My take is simple: this is a forced move, but not necessarily a disastrous one. The shares closed at 41.5p on 31 March 2026, far below the 77.8p NAV per share. If disposals are done sensibly, shareholders could still do better than the market currently expects. The catch is time, execution risk and the possibility that buyers remain selective.
Not everything in this update is ugly. The portfolio still produced £84 million of investment cash inflow, and the weighted average contracted investment life was 14.9 years. That means many revenues are still backed by long-term contracts.
There were also signs of resilience across major assets. Driva grew EBITDA to SEK 83.7 million from SEK 73.3 million, RED-Rochester stayed broadly stable operationally, and Primary Energy remained in line with budget at USD 37.7 million of EBITDA. Onyx underperformed budget, but still moved more projects through construction and operation.
SEIT also completed disposals.
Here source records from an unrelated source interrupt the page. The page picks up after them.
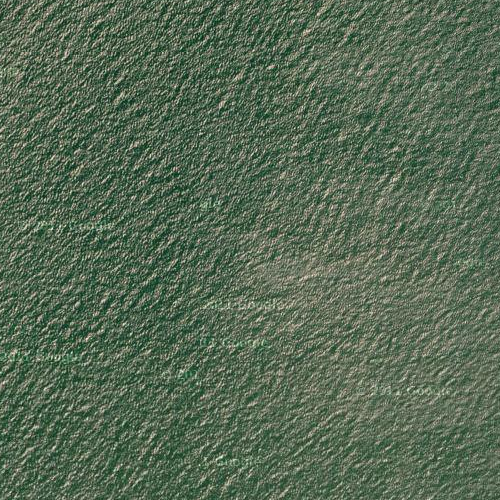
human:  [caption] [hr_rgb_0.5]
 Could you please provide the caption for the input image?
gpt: This is a part of deep green sparkling sea .

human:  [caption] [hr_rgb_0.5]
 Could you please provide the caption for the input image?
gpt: This is a part of ocean with deep green water with a red line in the middle .

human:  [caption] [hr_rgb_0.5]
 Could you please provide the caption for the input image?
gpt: This is a part of deep green sparkling sea with a red line in the middle .

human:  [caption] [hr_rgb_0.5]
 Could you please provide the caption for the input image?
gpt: A part of ocean with deep green waters and a red line in the middle .

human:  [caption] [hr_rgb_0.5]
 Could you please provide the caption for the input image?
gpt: This is a part of ocean with deep green water shining and a red line in the middle .

ON Energy was sold at an 18.75% premium to carrying value, while the Kyotherm disposal completed at around 9% below carrying value at 30 September 2025. That mixed picture tells you something useful: assets can be sold, but pricing is patchy.
The auditor’s report was unqualified, which is fine, but it also included a material uncertainty related to going concern. That stems from the proposed wind-down, uncertain timing of asset sales, and upcoming shareholder votes.
This does not mean SEIT is collapsing tomorrow. It does mean the future structure of the company is uncertain enough that the auditor felt it had to be highlighted clearly. Retail investors should take that seriously.
This annual results statement is negative on income, negative on NAV, and negative on balance sheet flexibility. There is no sugar-coating that. The old SEIT equity story has broken down.
But there is still a live value case if you believe the portfolio can be sold for materially more than the share price implies. The company’s own message is that the assets are worth more than the market capitalisation suggests, and the entire strategy now revolves around proving that through disposals.
So the investment case has changed completely. This is no longer about collecting a steady dividend from energy efficiency assets. It is now about whether management can shrink debt, sell well, and hand cash back before value leaks away. That could work, but it is firmly in the special situations bucket now, not the sleepy infrastructure income bucket it once wanted to be.